== Task prompt ==
Each entry below is to be reproduced exactly, though any pictures it holds must be omitted.

== Exercise inputs ==
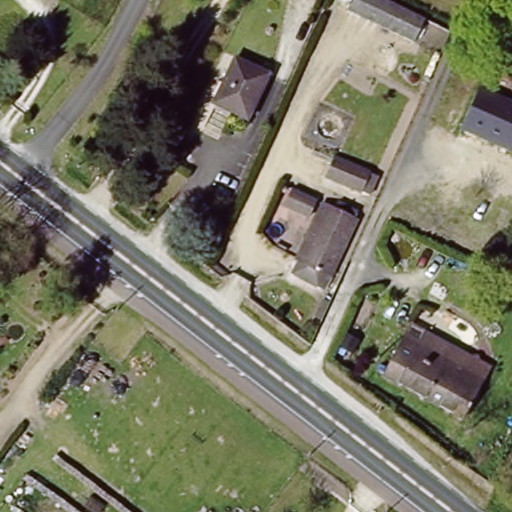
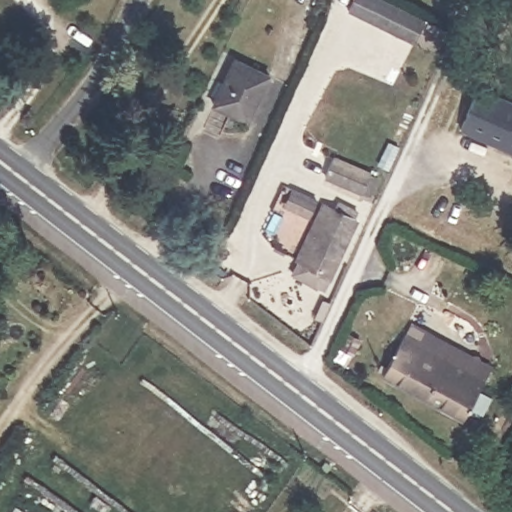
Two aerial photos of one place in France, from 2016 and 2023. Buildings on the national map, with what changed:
unchanged [(424,19),(413,45),(344,14),(351,0),(387,0),(424,19)]
unchanged [(208,109),(230,64),(261,79),(241,124),(208,109)]
unchanged [(512,100),(512,154),(459,131),(479,85),(512,100)]
unchanged [(357,189),(324,175),(328,168),(333,157),(364,172),(361,179),(357,189)]
unchanged [(287,213),(295,195),(313,203),(305,221),(287,213)]
unchanged [(320,202),(331,207),(334,202),(348,210),(346,215),(359,222),(327,276),(322,273),(324,269),(317,266),(304,284),(283,271),(320,202)]
unchanged [(466,412),(402,376),(389,369),(409,332),(413,325),(426,332),(479,361),(492,367),(466,412)]

== Result of this task ==
Two aerial photos of one place in France, from 2016 and 2023. Buildings on the national map, with what changed:
unchanged [(424,19),(413,45),(344,14),(351,0),(387,0),(424,19)]
unchanged [(208,109),(230,64),(261,79),(241,124),(208,109)]
unchanged [(512,100),(512,154),(459,131),(479,85),(512,100)]
unchanged [(357,189),(324,175),(328,168),(333,157),(364,172),(361,179),(357,189)]
unchanged [(287,213),(295,195),(313,203),(305,221),(287,213)]
unchanged [(320,202),(331,207),(334,202),(348,210),(346,215),(359,222),(327,276),(322,273),(324,269),(317,266),(304,284),(283,271),(320,202)]
unchanged [(466,412),(402,376),(389,369),(409,332),(413,325),(426,332),(479,361),(492,367),(466,412)]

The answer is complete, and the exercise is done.